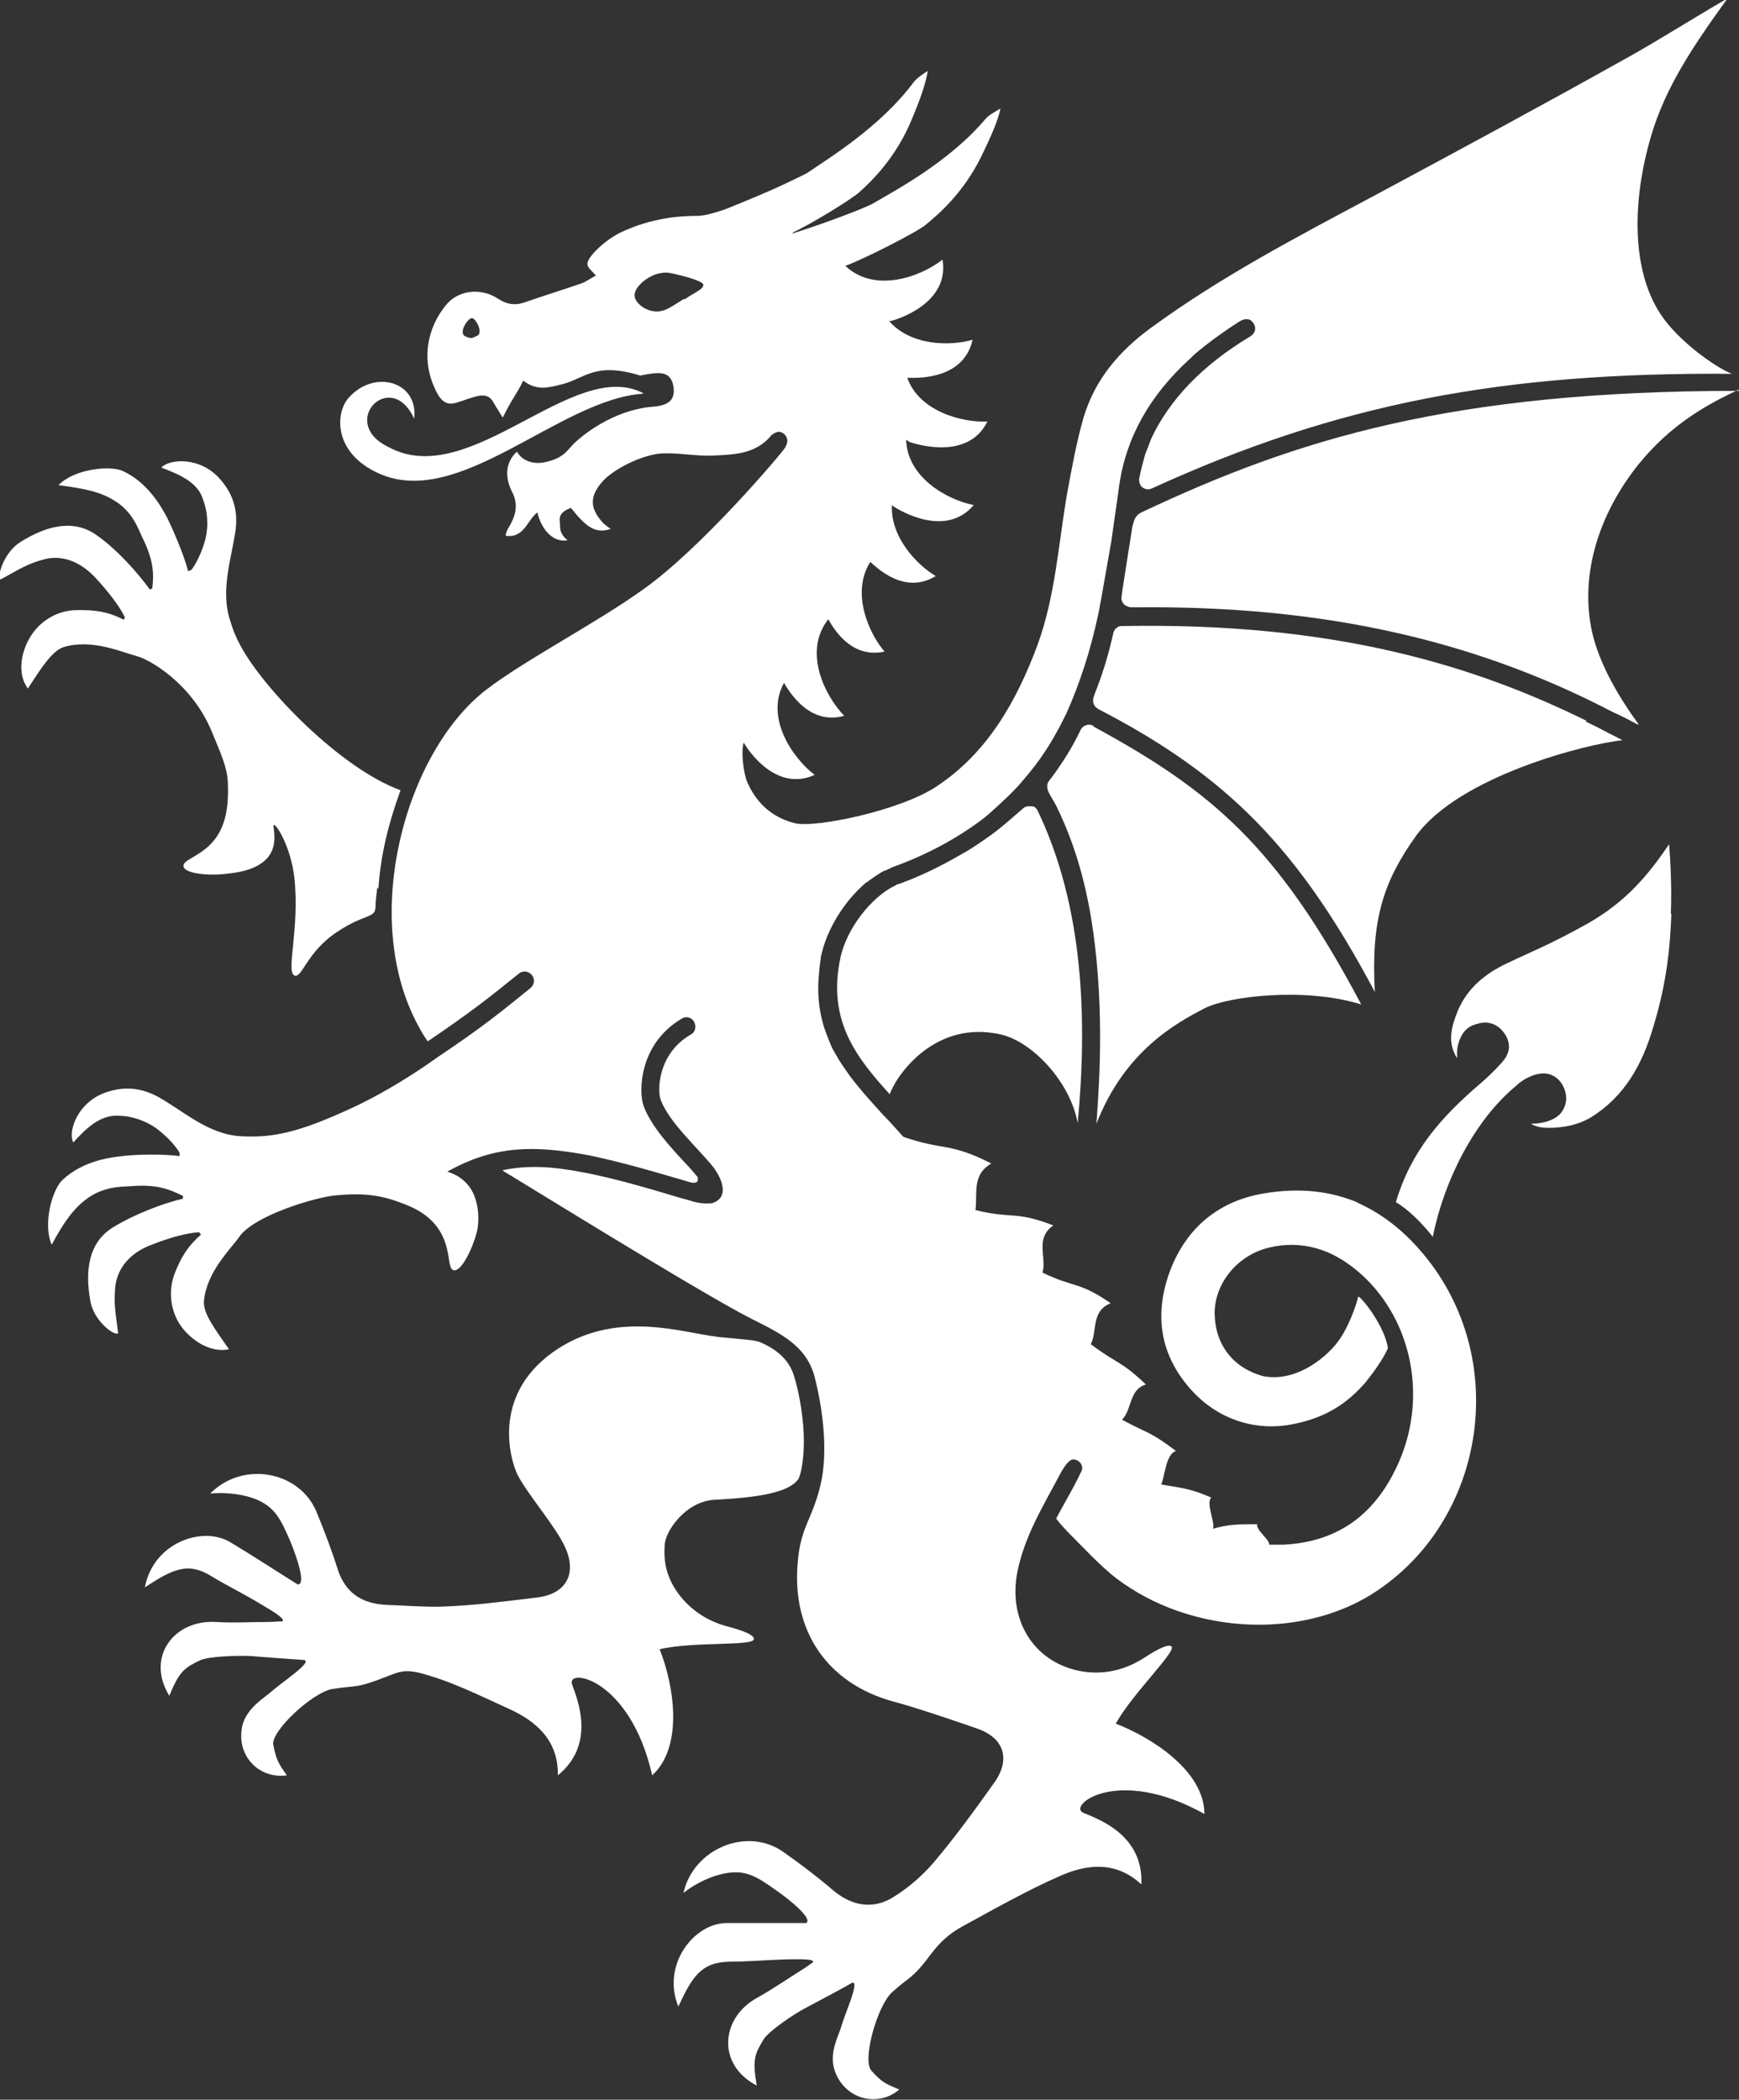 <?xml version="1.0" encoding="UTF-8"?>
<svg id="Layer_2" data-name="Layer 2" xmlns="http://www.w3.org/2000/svg" viewBox="0 0 30.61 36.96">
  <rect x="0" y="0" width="30.61" height="36.96" fill="#333333" stroke="none"/>
  <defs>
    <style>
      .cls-1 {
        fill: #fff;
        stroke-width: 0px;
      }
    </style>
  </defs>
  <g id="Ebene_1" data-name="Ebene 1">
    <g>
      <g id="Layer_1-2" data-name="Layer 1-2">
        <g>
          <path class="cls-1" d="M29.42,16.08c-.02.53-.07,1.19-.32,2-.19.65-.5,1.22-1.1,1.59-.3.18-.66.19-.81.18-.1,0-.22-.05-.24-.07.17,0,.38-.04.51-.17.12-.14.14-.31.06-.48-.08-.17-.24-.26-.42-.23-.14.02-.31.11-.41.21-.74.61-1.27,1.67-1.47,2.66-.2-.25-.43-.48-.65-.61.27-.9.79-1.49,1.49-2.09.13-.11.25-.23.36-.35.16-.17.18-.33.08-.5-.1-.17-.27-.25-.45-.21-.19.04-.29.12-.36.3-.04.11-.05.19-.04.32-.16-.25-.12-.5-.02-.76.16-.45.5-.73.91-.92.37-.18.72-.31,1.4-.69.69-.39,1.08-.87,1.44-1.4.02.25.05.73.03,1.23h0Z"/>
          <path class="cls-1" d="M12.63,23.53c-.6-.06-1.81-.51-2.91.28-1.09.79-.72,1.93-.61,2.15.18.35.68.92.84,1.28.21.47.01.82-.5.88-.59.07-1.09.14-1.67.16-.3.01-.66-.02-.97-.03-.43-.02-.72-.2-.86-.61-.11-.35-.24-.69-.38-1.03-.3-.72-1.3-.9-1.87-.32.3-.03.59.02.78.09.36.14.46.36.63.75.12.29.28.77.13.76-.4-.25-.78-.5-1.18-.74-.49-.3-1.36,0-1.51.79.48-.31.75-.46,1.18-.19.28.17.57.31.85.48.13.08.46.26.39.31-.08,0-.15.01-.23.01-.32,0-.63.02-.95,0-.72-.04-1.23.61-.81,1.3.18-.44.27-.49.53-.62.16-.08.69-.09.91-.08.22.02.79.06.94.07.13.05-.4.39-.6.57-.1.09-.41.27-.49.57-.13.53.28.96.78.89-.16-.22-.19-.29-.24-.54-.04-.24.69-.92,1.04-.98.44-.07.4,0,.96-.22.23-.09.31-.12.55-.07.56.14,1.07.4,1.6.64.46.21.87.54.86,1.17.66-.54.36-1.3.25-1.6s1.02-.12,1.41,1.6c.57-.52.37-1.63.13-2.22.6-.14,1.67-.05,1.66-.18,0-.1-.35-.19-.5-.23-.38-.11-.7-.34-.91-.69-.18-.31-.17-.57-.16-.73,0-.23.36-.77.87-.8.76-.04,1.3-.12,1.48-.36.04-.06.1-.32.1-.67s-.07-.83-.18-1.17c-.12-.37-.47-.52-.58-.57-.12-.05-.3-.05-.79-.1h0Z"/>
          <path class="cls-1" d="M6.66,15.65c.04-.61.18-1.16.39-1.74-1.05-.38-2.41-1.78-2.82-2.55-.08-.15-.13-.27-.18-.44-.18-.55.04-1.13.1-1.62.03-.28-.02-.58-.28-.87-.34-.39-.88-.36-1.03-.2.28.11.63.24.73.55.05.14.11.35.06.64-.03.18-.15.47-.26.61-.02.01-.04.02-.06.02-.07-.28-.27-.74-.37-.94-.08-.15-.32-.61-.78-.82-.22-.1-.85-.04-1.13.25.47.06.74.12.98.27.32.19.42.49.49.64.21.42.21.66.18.91-.02,0-.03.01-.04.02-.21-.29-.58-.71-.94-.96-.39-.28-.86-.18-1.34.12-.3.19-.42.62-.35.66.35-.19.46-.27.75-.35.31-.09.64.02.92.32.24.26.43.51.52.7-.01.01-.02.03-.02.04-.21-.11-.43-.18-.83-.17-.32,0-.66.18-.84.51-.16.29-.19.64-.02.87.23-.35.42-.66.63-.73.5-.15,1.02.09,1.29.16.2.05.95.46,1.31,1.31.18.43.28.66.29.91.01.26.01.65-.19.95-.23.35-.61.4-.59.53.02.13.45.17.76.13.19-.02.62-.07.78-.37.12-.23.02-.49.05-.49.05-.01.3.4.36.92.1.89-.15,1.66,0,1.73.14.06.21-.41.76-.77.48-.32.66-.23.67-.43,0-.12.02-.23.03-.35h0Z"/>
          <path class="cls-1" d="M27.93,12.69c-1.97-.97-4.43-1.74-8.18-1.67-.03,0-.06,0-.09.03-.04.02-.05.06-.06.08-.1.45-.21.78-.33,1.08-.01.04-.03.07-.03.12,0,.05.02.09.05.12.01.01.03.02.04.03,2.28,1.18,3.53,2.46,4.87,4.98-.07-1.27.15-1.94.72-2.74.76-1.06,3.02-1.63,3.64-1.69-.11-.06-.22-.11-.33-.17-.11-.06-.22-.11-.32-.16h0Z"/>
          <path class="cls-1" d="M19.25,12.78c-.09-.06-.2,0-.23.07-.16.34-.36.64-.55.89-.05.05-.04.13-.02.19.04.08.11.19.15.27.29.6.54,1.33.67,2.41.18,1.49.05,2.8.03,3.17.5-1.29,1.42-1.78,1.9-2.03.4-.21,1.76-.38,2.76-.07-1.47-2.78-2.63-3.76-4.71-4.89h0Z"/>
          <path class="cls-1" d="M30.61,6.88c-5.06,0-7.79.85-10.52,2.14-.12.06-.13.15-.16.26,0,.02-.19,1.18-.19,1.24,0,.06.01.07.04.11.02.03.09.06.13.06,0,0,.05,0,.12,0,3.21-.03,5.9.56,8.35,1.84.16.07.31.15.44.22,0,0,.02,0,.03.01-.37-.51-.66-1.02-.8-1.53-.25-.94,0-2.05.77-3.03.59-.74,1.25-1.09,1.78-1.34Z"/>
          <path class="cls-1" d="M23.93,21.18c-.51-.22-1.07-.28-1.7-.17-.82.14-1.39.65-1.66,1.43-.26.76-.13,1.46.43,2.06.49.52,1.15.69,1.75.57.62-.12.98-.39,1.28-.73.09-.11.32-.41.4-.61-.05-.36-.42-.85-.52-.91-.09.34-.25.66-.37.81-.23.3-.76.71-1.32.59-.52-.15-.83-.55-.84-1.1h0s0,0,0,0c0-.54.41-1.03.96-1.16.29-.07.56-.06.82.01.26.07.5.21.72.39.95.79,1.26,2.18.75,3.36-.39.9-1.04,1.42-2.04,1.47-.09,0-.17,0-.25,0,.02-.08-.24-.26-.21-.36-.33,0-.51,0-.78.08.05-.09-.13-.45-.03-.55-.35-.15-.46-.16-.88-.23.07-.17.08-.53.26-.59-.48-.36-.47-.29-.95-.55.18-.18.12-.53.42-.62-.45-.43-.51-.36-.97-.71.12-.23,0-.58.35-.72-.56-.39-.65-.27-1.2-.54.08-.26-.14-.6.19-.83-.67-.26-.72-.11-1.37-.27.04-.28-.07-.62.28-.82-.75-.38-.83-.22-1.55-.47-.11-.12-.22-.25-.35-.38-.2-.22-.41-.45-.59-.69-.02-.03-.15-.21-.19-.28-.03-.05-.12-.2-.13-.23-.05-.11-.15-.38-.15-.4-.08-.28-.11-.59-.07-.93,0-.05.03-.24.03-.26.1-.48.41-.98.8-1.31,0,0,0,0,.01,0,.07-.06.27-.19.3-.2.02,0,.11-.05.16-.07.61-.22,1.14-.51,1.6-.86.02-.01.39-.34.54-.5.06-.06.11-.12.16-.18.14-.16.27-.33.38-.5.08-.12.15-.24.22-.37.02-.03.12-.23.15-.29.22-.49.42-1.08.56-1.74.02-.08.03-.17.05-.26.06-.34.12-.68.18-1.02.03-.21.06-.43.09-.63l.05-.36c.12-.85.54-1.59,1.24-2.23.02-.01.03-.03.04-.04.28-.26.77-.58.82-.61.05-.03.08-.05.13-.05.04,0,.06,0,.09.02.02.02.05.05.05.06.05.08.02.17-.06.22-.85.51-1.43,1.12-1.75,1.81-.02.06-.09.24-.1.26-.04.14-.08.29-.11.45,0,.05.02.11.06.14.06.04.11.04.16.02,3.3-1.51,6.21-2.05,10.22-2.02-.24-.08-.94-.56-1.26-1.05-.51-.77-.51-1.99-.16-3.16.25-.83.71-1.53,1.34-2.4-.67.39-1.22.74-1.72,1.02-1.5.84-3.02,1.66-4.53,2.47-1.33.71-2.67,1.41-3.9,2.31-.56.41-.99.91-1.19,1.59-.12.42-.2.86-.28,1.29-.16.91-.21,1.84-.53,2.71-.37.99-.88,1.89-1.77,2.48-.64.43-2.15.74-2.5.65-.52-.13-.74-.5-.84-.73-.06-.15-.11-.51-.06-.69.1.17.58.87,1.25.57-.38-.29-.88-1-.54-1.62,0,0,0,0,0,0,.17.29.51.73,1.06.58-.34-.35-.73-1.13-.28-1.7h0c.16.29.47.68.99.57-.29-.34-.59-1.05-.25-1.58.24.23.68.54,1.15.25-.35-.21-.8-.7-.77-1.25,0,0,.01.01.02.02.11.07.92.57,1.42-.02-.46-.09-1.17-.48-1.19-1.15.02.01.04.03.06.04.12.04,1.03.33,1.37-.36-.45.02-1.2-.18-1.41-.77.26.01,1,0,1.15-.67-.41.12-1.1.1-1.47-.33h.03c.13-.03,1.04-.32.91-1.08-.38.3-1.19.6-1.71.11.33-.12,1.27-.6,1.41-.72.22-.18.67-.56.99-1.22.16-.33.29-.62.33-.83-.08.05-.2.11-.26.18-.64.76-1.59,1.26-1.98,1.49-.16.09-.88.36-1.42.53t.01-.02c.31-.14,1.04-.59,1.17-.71.21-.19.64-.6.92-1.28.14-.33.25-.64.28-.85-.08.05-.19.12-.25.2-.59.79-1.5,1.34-1.88,1.6-.1.05-.22.11-.35.17-.31.15-.75.33-1.1.47-.16.05-.33.11-.49.11-.46,0-.9.09-1.31.28-.27.12-.62.44-.61.57,0,.06.08.12.15.2-.1.05-.17.11-.26.14-.32.11-.64.21-.96.32-.18.07-.33.06-.5-.05-.3-.2-.7-.16-.92.11-.33.4-.46.99-.15,1.56.09.16.19.2.33.16.33-.1.54-.23.66,0,.04.07.04.07.16.26.16-.33.24-.4.36-.65.25.19.45.12.7.06.4-.11.57-.39,1.36-.15.28-.05.52-.11.58.17.05.26-.08.36-.37.38-.7.06-1.25.52-1.38.65s-.18.26-.53.33c-.23.04-.4-.06-.47-.19-.2.18-.22.44-.09.7.11.21.08.39-.03.59-.03.05-.07.11-.08.19.33.05.38-.28.56-.41.05.24.24.54.53.49-.04-.03-.12-.11-.13-.21,0-.14-.02-.14,0-.21.03-.09.14-.13.19-.15.27.34.43.46.7.37-.06-.04-.11-.08-.13-.1-.24-.26-.25-.47-.01-.74.2-.22.7-.47,1.05-.49.31-.01.59.05.88.04.38-.02.76-.02,1.04-.36.03-.03.08-.05.12-.06.07,0,.13.05.15.11.02.06,0,.11-.03.17-.07.11-1.49,1.79-2.52,2.51-.81.58-2.08,1.24-2.74,1.75-1.42,1.09-2.24,4.02-1.19,5.93.05.1.11.19.16.26.78-.53,1.08-.77,1.6-1.19.07-.06.17-.05.23.02s.05.17-.02.23c-.52.42-.82.67-1.61,1.2h0c-.6.43-1.14.73-1.53.91-.95.44-1.4.53-1.96.5-.58-.03-1.03-.46-1.47-.7-.25-.13-.54-.2-.91-.07-.49.17-.67.68-.57.88.2-.22.46-.49.79-.47.14,0,.36.03.61.18.16.1.38.31.47.47,0,.03,0,.05,0,.06-.28-.04-.78-.03-1.01,0-.17.02-.68.07-1.05.42-.18.17-.35.77-.19,1.14.22-.41.39-.64.62-.81.3-.22.61-.21.77-.22.47-.04.69.06.92.17,0,.02,0,.03,0,.05-.35.08-.87.28-1.24.51-.41.26-.49.73-.39,1.29.06.35.42.62.49.57-.05-.4-.08-.52-.05-.83.04-.32.26-.59.64-.73.33-.13.63-.21.84-.22,0,.02.02.03.03.04-.18.16-.33.33-.47.7-.11.29-.08.68.16.97.21.25.52.41.8.35-.24-.35-.46-.63-.44-.85.05-.52.47-.91.63-1.14.27-.37,1.34-.69,1.7-.72.25-.02.6-.05,1.02.09.23.08.56.19.77.49.25.36.15.72.28.74.13.02.32-.36.4-.66.05-.18.06-.6-.16-.85-.17-.2-.38-.22-.35-.23.84-.47,1.54-.45,2.4-.3.64.12,1.45.37,1.8.47.05.02.12.03.12.03.03,0,.06,0,.08-.03.01-.02,0-.05,0-.07,0,0-.13-.16-.22-.25-.27-.29-.6-.65-.73-1-.09-.24-.09-1.09.67-1.54.08-.05.18-.02.22.06s.02.18-.06.22c-.59.34-.59,1-.53,1.15.15.4.65.84.93,1.19.17.23.27.54-.03.63-.03,0-.14.02-.33-.03,0,0-.09-.03-.21-.06-.34-.1-1.14-.35-1.76-.46-.48-.09-.92-.13-1.39-.03.01,0,.02.01.03.02.08.04,3.46,2.14,4.35,2.59.52.26.98.48,1.12,1.03.13.51.25,1.29.1,1.91-.15.62-.35.72-.4,1.37-.1,1.19.52,2.11,1.68,2.43.38.1,1.09.34,1.46.47.49.16.62.54.32.96-.34.48-.69.96-1.07,1.41-.2.23-.44.44-.7.6-.36.23-.74.16-1.07-.12-.28-.24-.57-.46-.87-.67-.63-.45-1.58-.07-1.76.72.24-.19.51-.3.71-.34.38-.08.58.05.93.3.26.18.64.5.52.57-.47,0-.93,0-1.4,0-.57,0-1.15.73-.85,1.47.24-.51.39-.78.9-.79.33,0,.65-.03.98-.04.16,0,.53-.02.49.05-.06.04-.12.09-.19.13-.27.17-.53.35-.8.5-.63.35-.71,1.17,0,1.54-.08-.47-.03-.56.12-.81.09-.15.54-.45.73-.55.19-.1.7-.37.83-.45.14-.03-.13.54-.2.8-.04.13-.21.44-.11.74.11.33.39.51.68.51.16,0,.32-.05.46-.17-.25-.1-.32-.14-.49-.33-.17-.18.1-1.14.36-1.38.33-.3.34-.21.7-.69.15-.2.32-.35.54-.47.51-.28,1.17-.65,1.7-.88.46-.21.99-.29,1.45.14.04-.86-.73-1.14-1.02-1.26s.59-.84,2.13.02c0-.77-.96-1.36-1.56-1.59.3-.54,1.08-1.28.98-1.36-.08-.06-.37.13-.51.22-.34.21-.72.29-1.12.21-.81-.17-1.25-.91-1.08-1.75.13-.64.47-1.18.77-1.75.02-.03.12-.22.21-.22s.16.07.16.16c0,.07-.46.87-.46.88.06.08.16.19.19.22.26.26.59.62.88.84.32.24.68.43,1.05.56,1.13.4,2.42.32,3.39-.26,1.97-1.2,2.49-3.95,1.1-5.83-.38-.51-.82-.88-1.33-1.1h0ZM14.9,4.72h0s0,0,0,0c0,0,0,0,0,0h0ZM8.4,5.91c-.09.04-.1.06-.21.01-.13-.06.05-.33.12-.32.07.01.2.26.09.31ZM12.04,5.26c-.18.11-.29.2-.43.22-.22.03-.45-.15-.44-.29,0-.15.29-.41.58-.39.06,0,.62.13.63.21s-.16.14-.33.26h0Z"/>
          <path class="cls-1" d="M18.2,14.2s-.12-.03-.18.02c-.08.07-.15.13-.22.19-.14.12-.28.24-.43.34-.17.12-.32.22-.47.3-.33.19-.67.36-1.05.5-.04.01-.07.02-.08.03-.44.21-.87.77-.98,1.29,0,.02,0,.03-.01.05-.2,1.07.3,1.7.88,2.34.15-.39.83-1.31,1.96-1.05.56.13,1.22.84,1.35,1.56.17-1.81.11-3.81-.71-5.51-.02-.03-.04-.05-.07-.07h0Z"/>
        </g>
      </g>
      <path class="cls-1" d="M11.32,6.93c-1.48.1-3.24,2.05-4.66,1.4-.79-.36-.76-1.05-.53-1.32.45-.52,1.24-.3,1.16.36-.41-.9-1.35.07-.45.5,1.43.78,3.25-1.59,4.48-.95Z"/>
    </g>
  </g>
</svg>

·····

> _ASSIGNMENT_
Reproduce each line of the entries in which the word "data" is found.

> _OUTPUT OF THE EXERCISE_
<svg id="Layer_2" data-name="Layer 2" xmlns="http://www.w3.org/2000/svg" viewBox="0 0 30.61 36.96">
  <g id="Ebene_1" data-name="Ebene 1">
      <g id="Layer_1-2" data-name="Layer 1-2">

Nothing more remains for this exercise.